─── RECORDS FOR PROCESSING

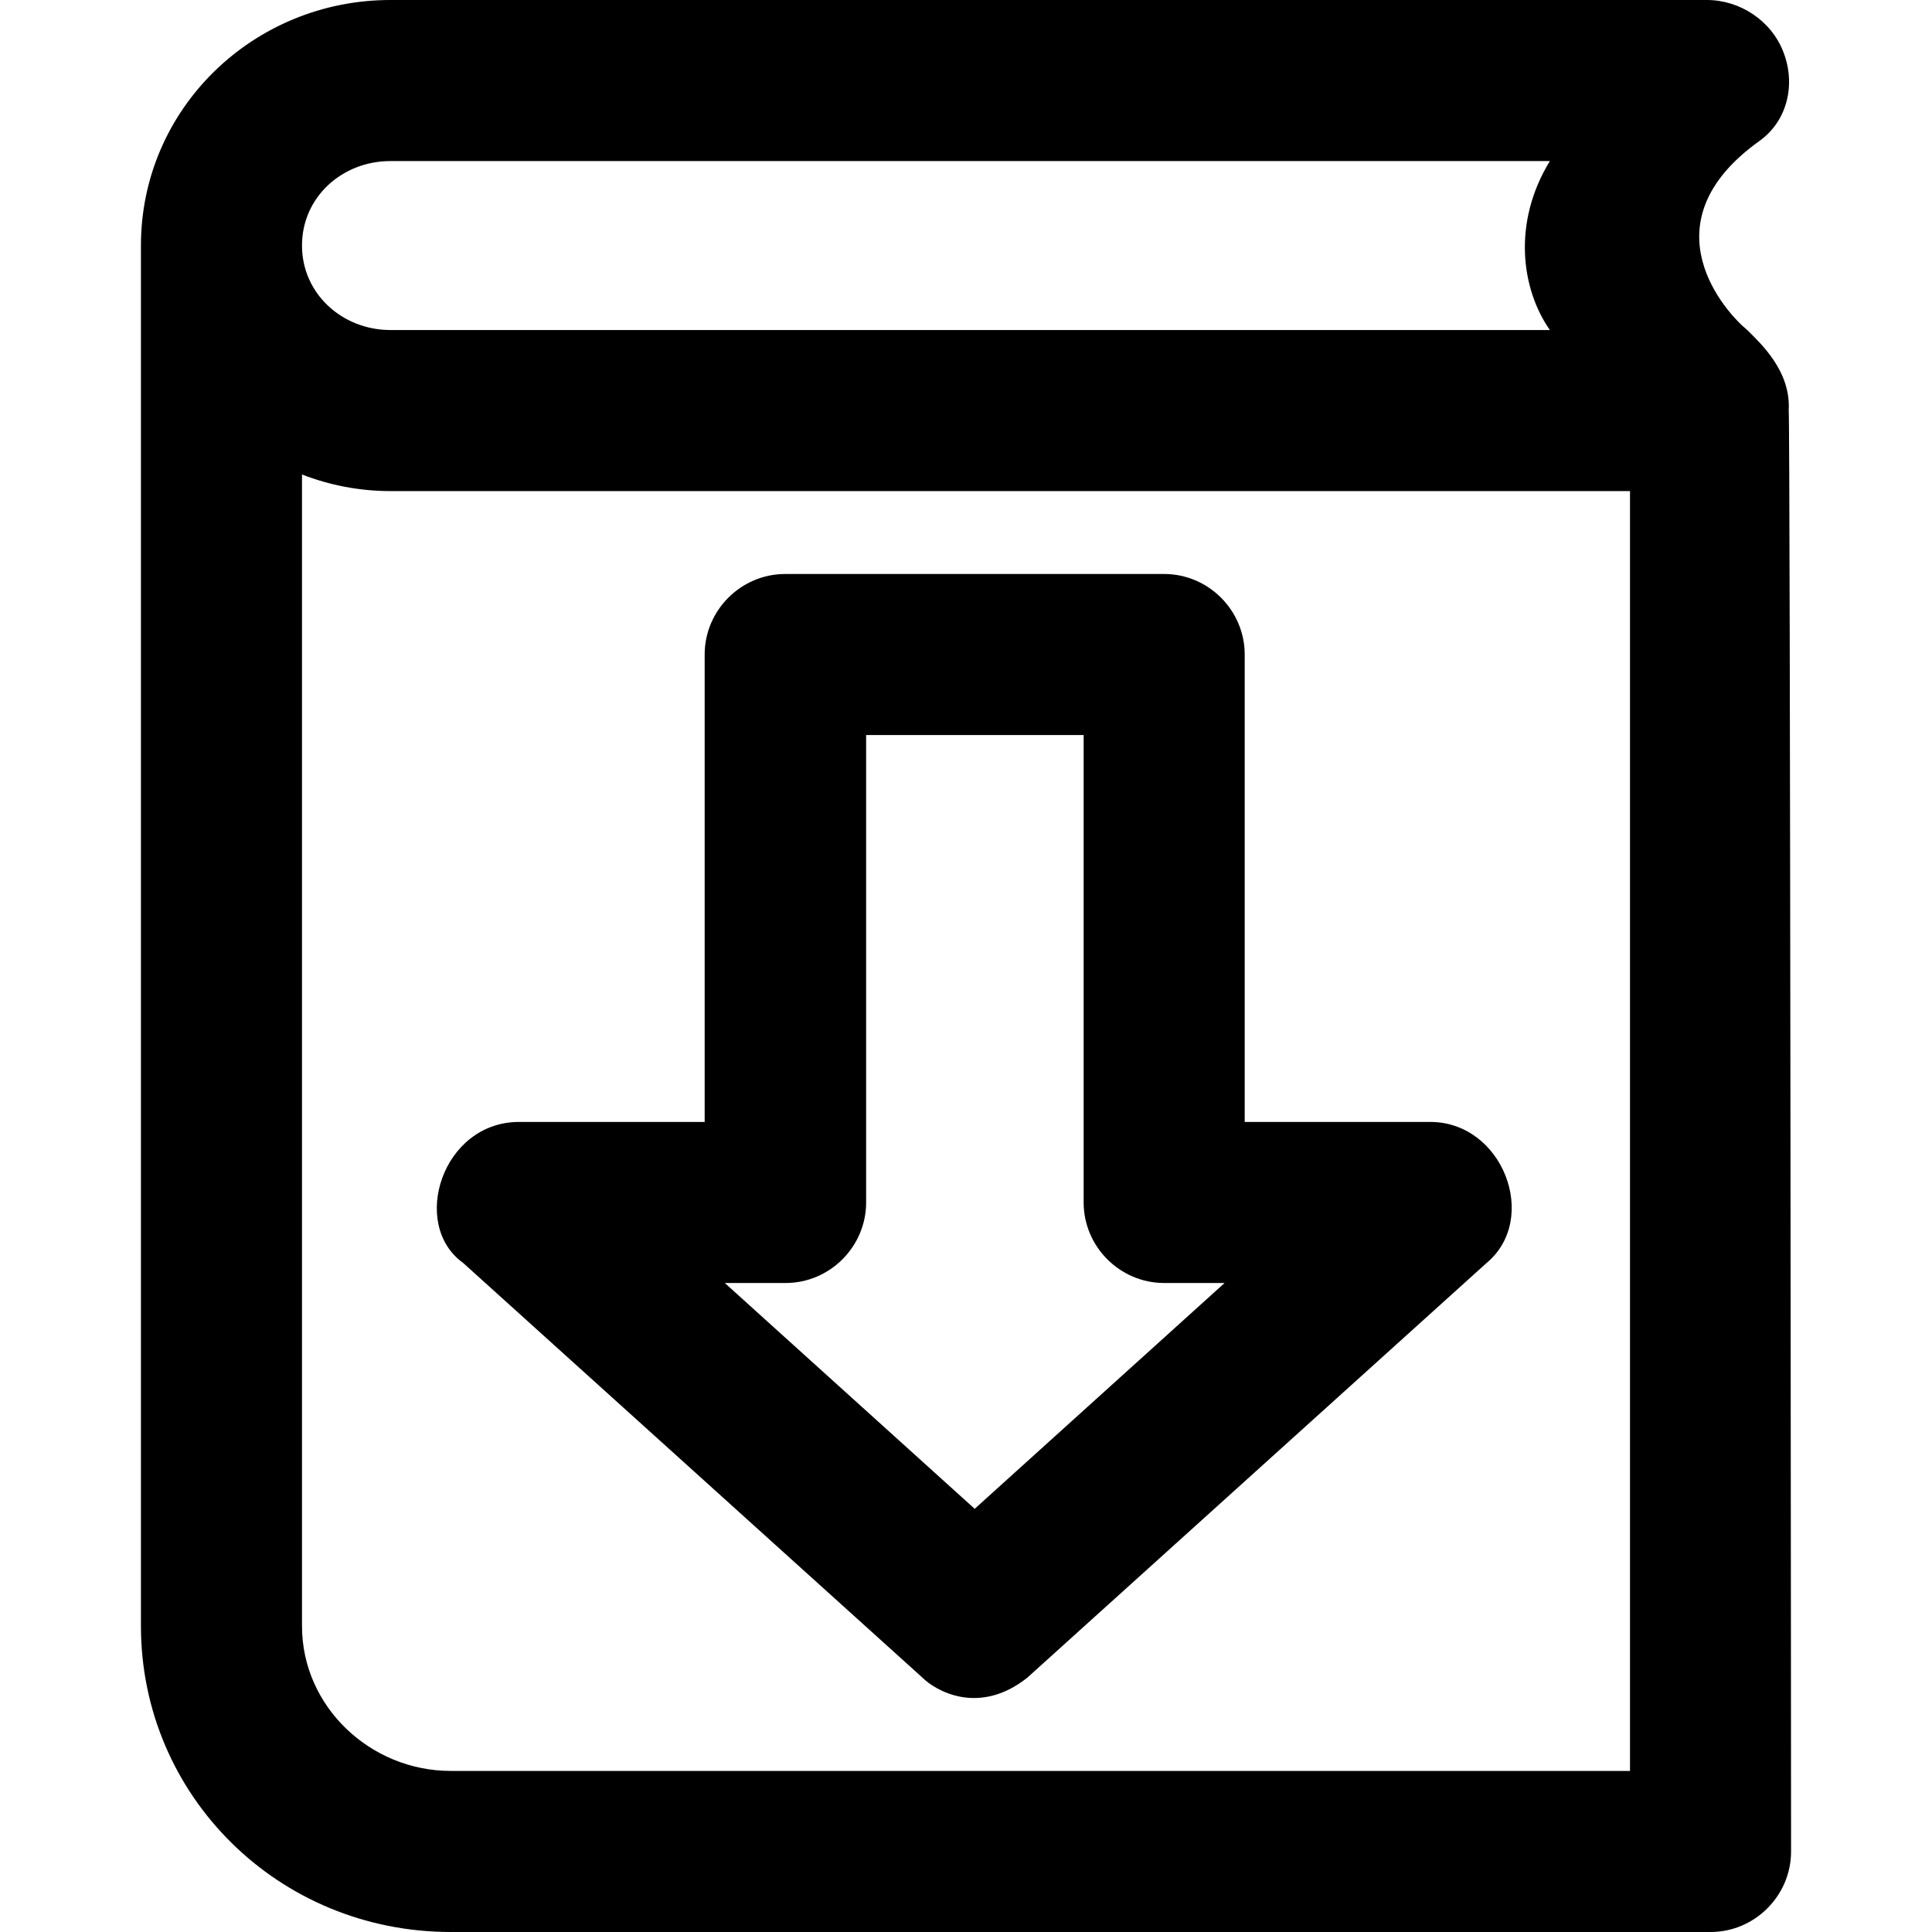 <?xml version="1.0" encoding="iso-8859-1"?>
<!-- Uploaded to: SVG Repo, www.svgrepo.com, Generator: SVG Repo Mixer Tools -->
<svg fill="#000000" height="800px" width="800px" version="1.1" id="Capa_1" xmlns="http://www.w3.org/2000/svg" xmlns:xlink="http://www.w3.org/1999/xlink" 
	 viewBox="0 0 489.4 489.4" xml:space="preserve">
<g>
	<g>
		<g>
			<path d="M117.3,319.9L233.7,425c3.1,3.1,14.1,9.8,26.5,0l116.4-105.1c13.4-11.2,4.1-35.7-14.3-35.7h-47V165.8
				c0-11.2-9.2-20.4-20.4-20.4h-96c-11.2,0-20.4,9.2-20.4,20.4v118.4h-47C112,284.2,103.8,310.2,117.3,319.9z M199,325
				c11.2,0,20.4-9.2,20.4-20.4V186.2h55.1v118.4c0,11.2,9.2,20.4,20.4,20.4h15.3l-63.3,57.2L183.6,325H199z"/>
			<path d="M453.1,104c0.6-10-7.1-17-10.5-20.4c-5.1-4.1-26.3-26.9,3.1-47.9c7.1-5.1,9.2-14.3,6.1-22.4C448.7,5.1,440.6,0,432.4,0
				H98.9C64.2,0,35.7,27.5,35.7,62.2c0,0.2,0,349.7,0,349.7c0,42.8,34.7,77.5,78.5,77.5h319.1c11.2,0,20.4-9.2,20.4-20.4
				C453.7,469,453.5,105.6,453.1,104z M98.9,40.8h293.7c-9.6,15.7-7.2,32.5,0,42.8H98.9c-12.2,0-22.4-9.2-22.4-21.4
				C76.5,49.9,86.7,40.8,98.9,40.8z M412.9,448.6H114.2c-20.4,0-37.7-16.3-37.7-36.7V120.2c7,2.7,14.5,4.2,22.4,4.2h314V448.6z"/>
		</g>
	</g>
</g>
</svg>

──────

▸ WORK REQUEST:
When repeating the entries, leave out every picture and keep the rest exact.

▸ EXERCISE RESULT:
 <?xml version="1.0" encoding="iso-8859-1"?>
<!-- Uploaded to: SVG Repo, www.svgrepo.com, Generator: SVG Repo Mixer Tools -->
<svg fill="#000000" height="800px" width="800px" version="1.1" id="Capa_1" xmlns="http://www.w3.org/2000/svg" xmlns:xlink="http://www.w3.org/1999/xlink" 
	 viewBox="0 0 489.4 489.4" xml:space="preserve">
<g>
	<g>
		<g>
			<path d="M117.3,319.9L233.7,425c3.1,3.1,14.1,9.8,26.5,0l116.4-105.1c13.4-11.2,4.1-35.7-14.3-35.7h-47V165.8
				c0-11.2-9.2-20.4-20.4-20.4h-96c-11.2,0-20.4,9.2-20.4,20.4v118.4h-47C112,284.2,103.8,310.2,117.3,319.9z M199,325
				c11.2,0,20.4-9.2,20.4-20.4V186.2h55.1v118.4c0,11.2,9.2,20.4,20.4,20.4h15.3l-63.3,57.2L183.6,325H199z"/>
			<path d="M453.1,104c0.6-10-7.1-17-10.5-20.4c-5.1-4.1-26.3-26.9,3.1-47.9c7.1-5.1,9.2-14.3,6.1-22.4C448.7,5.1,440.6,0,432.4,0
				H98.9C64.2,0,35.7,27.5,35.7,62.2c0,0.2,0,349.7,0,349.7c0,42.8,34.7,77.5,78.5,77.5h319.1c11.2,0,20.4-9.2,20.4-20.4
				C453.7,469,453.5,105.6,453.1,104z M98.9,40.8h293.7c-9.6,15.7-7.2,32.5,0,42.8H98.9c-12.2,0-22.4-9.2-22.4-21.4
				C76.5,49.9,86.7,40.8,98.9,40.8z M412.9,448.6H114.2c-20.4,0-37.7-16.3-37.7-36.7V120.2c7,2.7,14.5,4.2,22.4,4.2h314V448.6z"/>
		</g>
	</g>
</g>
</svg>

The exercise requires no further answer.